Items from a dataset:
==*==

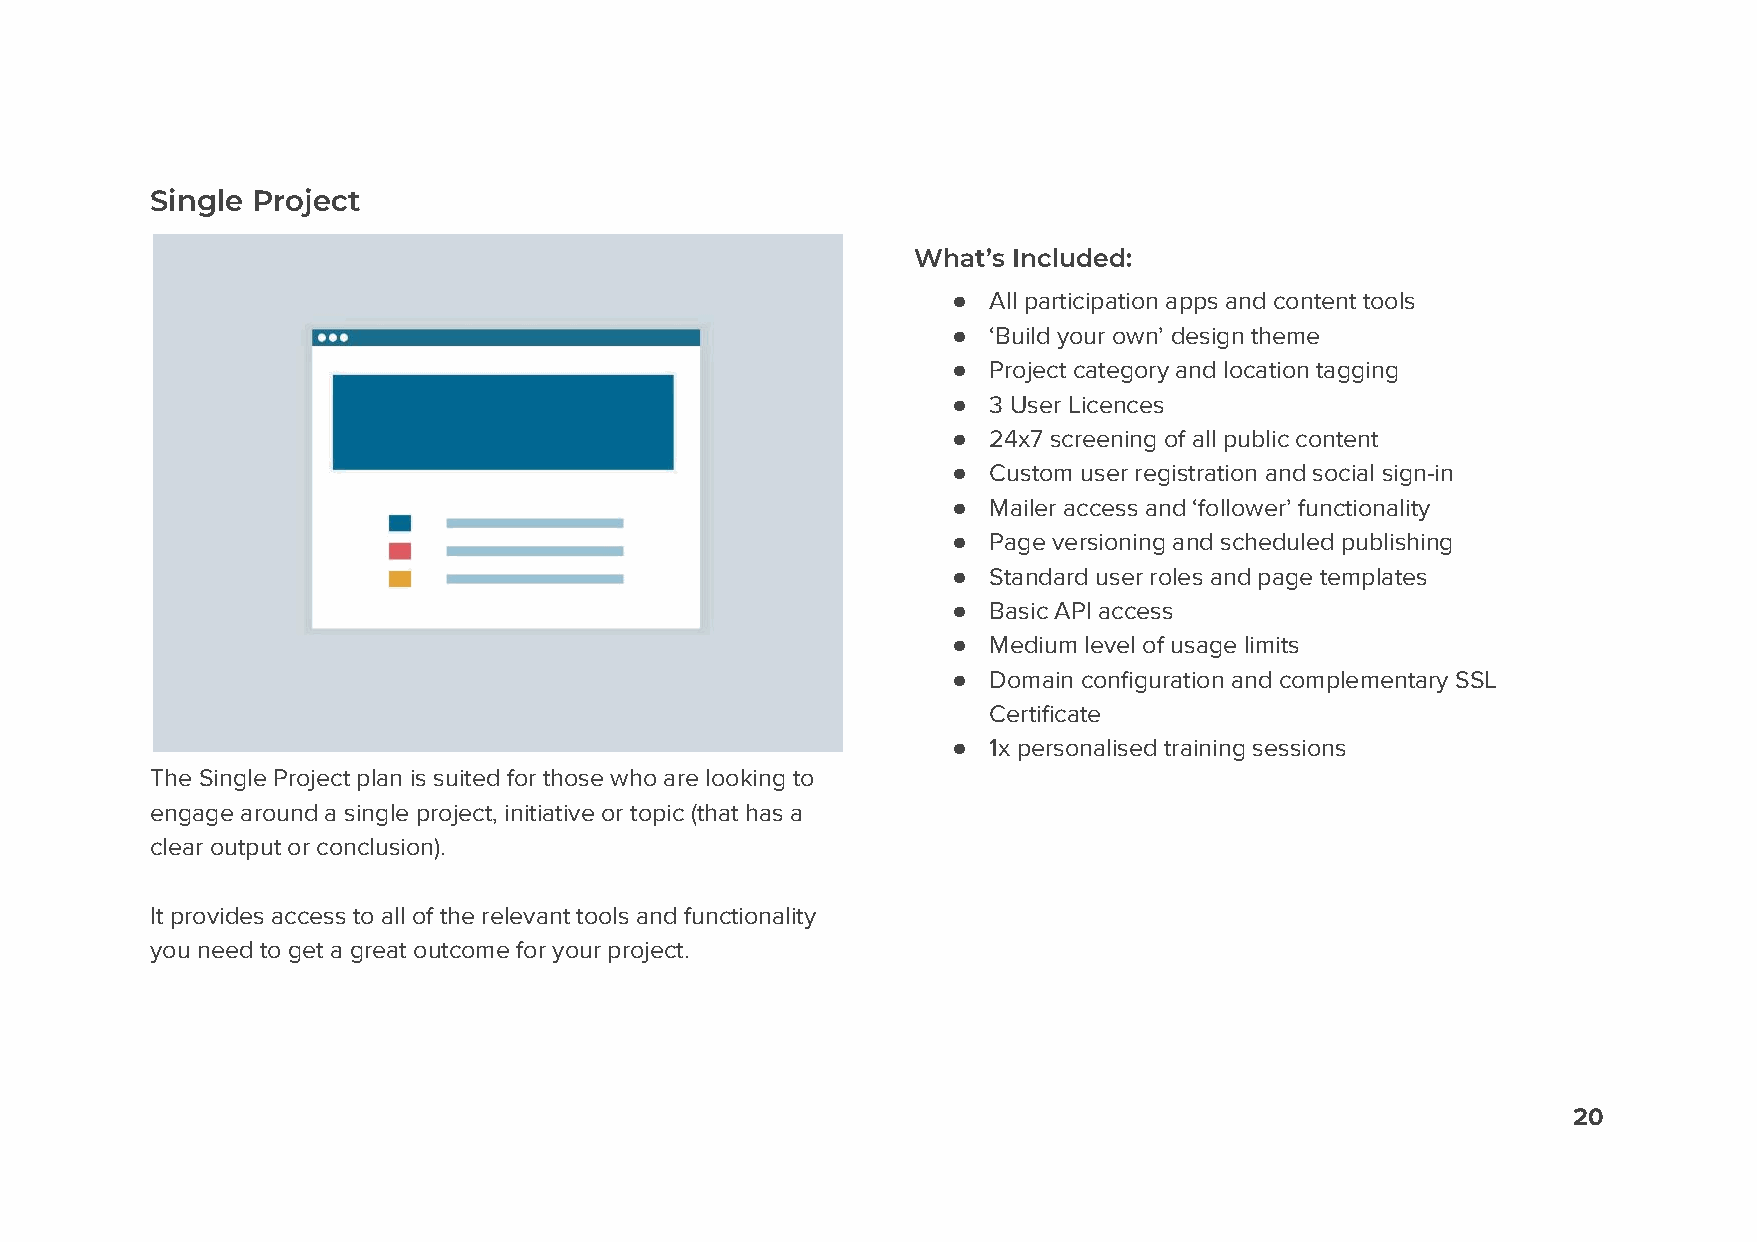
Single Project
 What’s Included:
 ● All participation apps and content tools
 ● ‘Build your own’ design theme
 ● Project category and location tagging
 ● 3 User Licences
 ● 24x7 screening of all public content
 ● Custom user registration and social sign-in
 ● Mailer access and ‘follower’ functionality
 ● Page versioning and scheduled publishing
 ● Standard user roles and page templates
 ● Basic API access
 ● Medium level of usage limits
 ● Domain configuration and complementary SSL
 Certificate
 ● 1x personalised training sessions
 The Single Project plan is suited for those who are looking to
 engage around a single project, initiative or topic (that has a
 clear output or conclusion).
 It provides access to all of the relevant tools and functionality
 you need to get a great outcome for your project.
 20
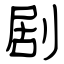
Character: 剧
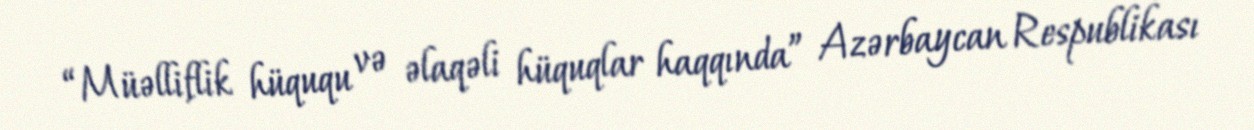
“Müəlliflik hüququ və əlaqəli hüquqlar haqqında” Azərbaycan Respublikası
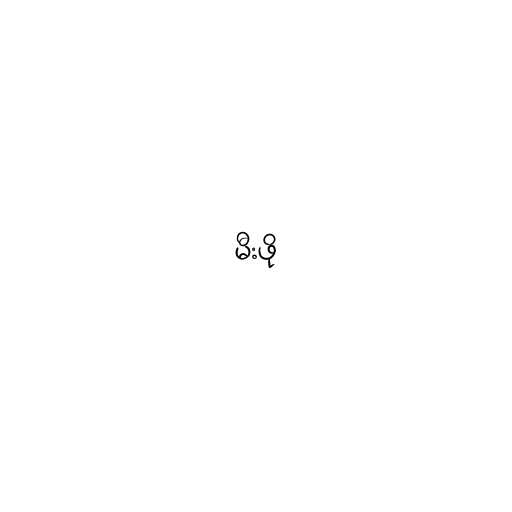
မီးဖို
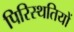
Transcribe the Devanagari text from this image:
पिरिस्थतियों
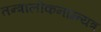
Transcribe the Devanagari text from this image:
तन्त्रालोकनाग्न्यत्र
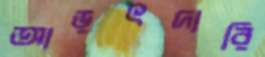
আড়ৎদারি
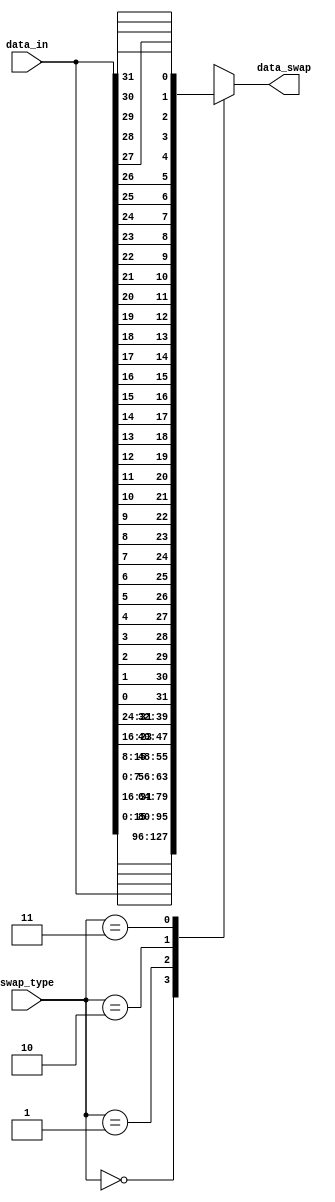
module data_swap
#(
	parameter WIDTH = 32
)(
	output [WIDTH - 1:0] data_swap,
	input  [WIDTH - 1:0] data_in,
	input  [ 1:0] swap_type
);
localparam NO_SWAP        = 2'b00;
localparam HALF_WORD_SWAP = 2'b01;
localparam BYTE_SWAP      = 2'b10;
localparam BIT_SWAP       = 2'b11;
localparam TYPES = 4;
wire [WIDTH - 1 : 0] words[0 : TYPES - 1];
generate
	genvar i, j;
	for(i = 0; i < TYPES; i = i + 1)
	begin:BLOCK
		for(j = 0; j < WIDTH; j = j + 1)
			begin: SUB_BLOCK
				if(i != 3)
					assign words[i][j] = data_in[(WIDTH - (WIDTH/2**i)) - 2*(WIDTH/2**i)*(j/(WIDTH/2**i)) + j];
				else
					assign words[i][j] = data_in[WIDTH - 1 - j];
			end
	end
endgenerate
assign data_swap = words[swap_type];
endmodule
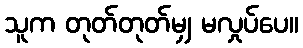
သူက တုတ်တုတ်မျှ မလှုပ်ပေ။
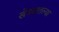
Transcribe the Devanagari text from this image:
खेड्यातल्या
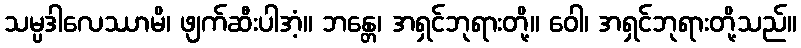
သမ္ပဒါလေဿာမိ၊ ဖျက်ဆီးပါအံ့။ ဘန္တေ၊ အရှင်ဘုရားတို့။ ဝေါ၊ အရှင်ဘုရားတို့သည်။
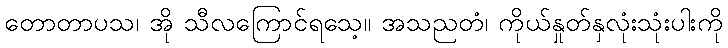
တောတာပသ၊ အို သီလကြောင်ရသေ့။ အသညတံ၊ ကိုယ်နှုတ်နှလုံးသုံးပါးကို
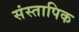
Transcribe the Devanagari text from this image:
संस्तापिक
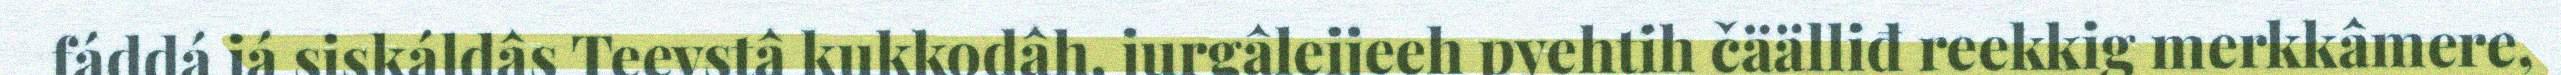
fáddá já siskáldâs Teevstâ kukkodâh, jurgâleijeeh pyehtih čäälliđ reekkig merkkâmere,
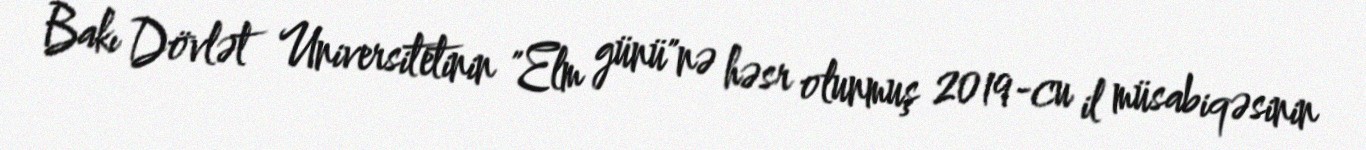
Bakı Dövlət Universitetinin "Elm günü"nə həsr olunmuş 2019-cu il müsabiqəsinin
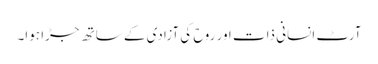
آرٹ انسانی ذات اور روح کی آزادی کے ساتھ جڑا ہوا۔
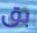
بق
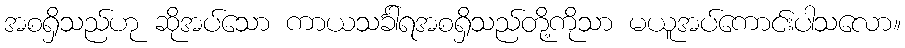
အစရှိသည်ဟု ဆိုအပ်သော ကာယသင်္ခါရအစရှိသည်တို့ကိုသာ မယူအပ်ကောင်းပါသလော။
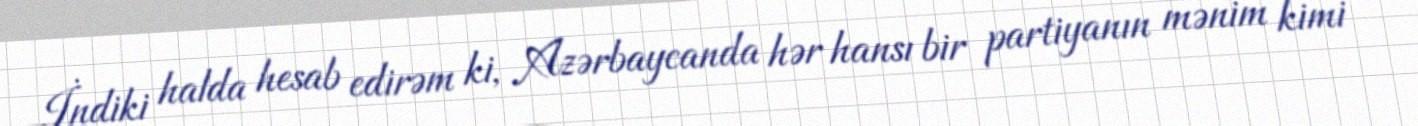
İndiki halda hesab edirəm ki, Azərbaycanda hər hansı bir partiyanın mənim kimi
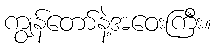
ကျွန်တော်နဲ့အဝေးကြီး။
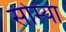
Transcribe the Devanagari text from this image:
सोम्या
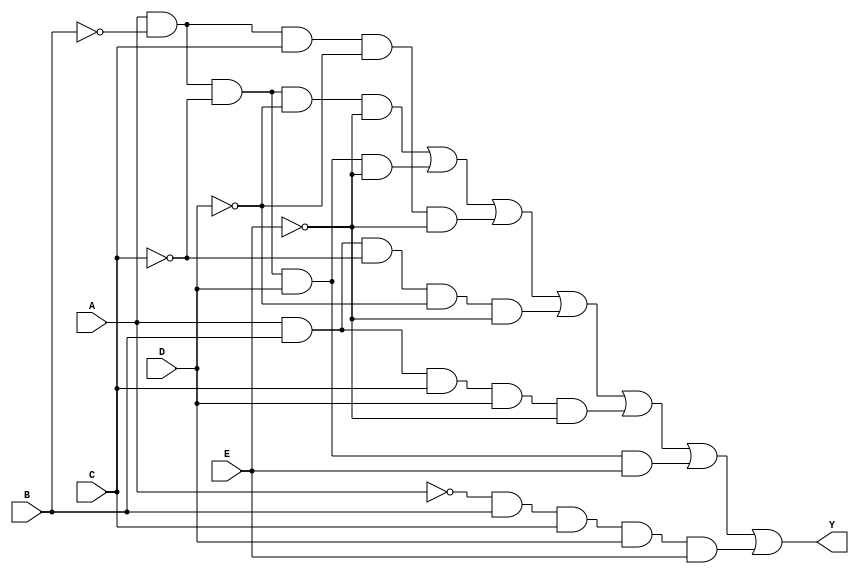
module five_variable_kmap (
    input wire A,  // Input variable A
    input wire B,  // Input variable B
    input wire C,  // Input variable C
    input wire D,  // Input variable D
    input wire E,  // Input variable E
    output wire Y  // Output Y based on K-map simplification
);

// Define the K-map output based on the combination of inputs.
// Here, we assume a hypothetical grouping for the K-map.
// You can modify the following line to match your specific K-map minterms.
assign Y = (A & ~B & ~C & ~D & ~E) | // minterm 0
           (A & ~B & ~C &  D & ~E) | // minterm 2
           (A & ~B &  C & ~D & ~E) | // minterm 4
           (A &  B & ~C & ~D & ~E) | // minterm 8
           (A &  B &  C &  D & ~E) | // minterm 24
           (A & ~B & ~C &  D &  E) | // minterm 18
           (~A & B & C & D & E) ;    // minterm 31

endmodule
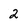
Character: 2
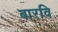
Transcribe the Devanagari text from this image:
बारवि
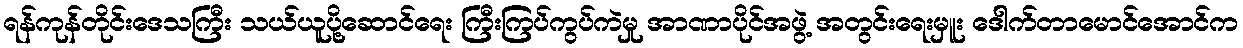
ရန်ကုန်တိုင်းဒေသကြီး သယ်ယူပို့ဆောင်ရေး ကြီးကြပ်ကွပ်ကဲမှု အာဏာပိုင်အဖွဲ့ အတွင်းရေးမှူး ဒေါက်တာမောင်အောင်က
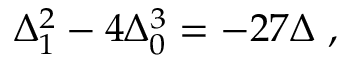
\Delta _ { 1 } ^ { 2 } - 4 \Delta _ { 0 } ^ { 3 } = - 2 7 \Delta \ ,
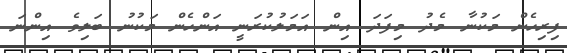
ފިރިހެން މަކުނާ މެދު މިފަދަ އިން އަމަލުކުރަނީ އަންހެން މަކުނު ބަލިވެ އިންނަ
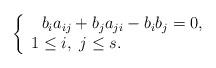
LaTeX: \begin{align*}\left\{ \begin{array}{c}b_{i}a_{ij}+b_{j}a_{ji}-b_{i}b_{j}=0, \\ 1\leq i,\ j\leq s.\ \ \ \ \ \ \ \ \ \ \ \ \ \ \ \ \ \end{array}\right. \end{align*}
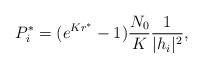
LaTeX: \begin{align*}P_i^*=(e^{Kr^*}-1)\frac{N_0}{K}\frac{1}{|h_i|^2},\end{align*}
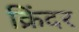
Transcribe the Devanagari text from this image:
क्रिंदर
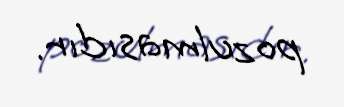
pozulmasıdır.
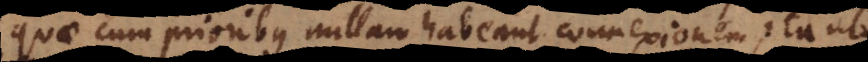
quae cum prioribus nullam habeant connexionem, ita u
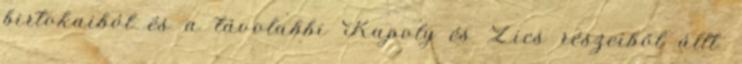
birtokaiból és a távolabbi Kapoly és Zics részeiből állt.

==*==

What to do:
Reproduce the records exactly, starting with their first line and ending with the line that contains "personalised training sessions", though pictures should be dropped.

Your response:
Single Project
 What’s Included:
 ● All participation apps and content tools
 ● ‘Build your own’ design theme
 ● Project category and location tagging
 ● 3 User Licences
 ● 24x7 screening of all public content
 ● Custom user registration and social sign-in
 ● Mailer access and ‘follower’ functionality
 ● Page versioning and scheduled publishing
 ● Standard user roles and page templates
 ● Basic API access
 ● Medium level of usage limits
 ● Domain configuration and complementary SSL
 Certificate
 ● 1x personalised training sessions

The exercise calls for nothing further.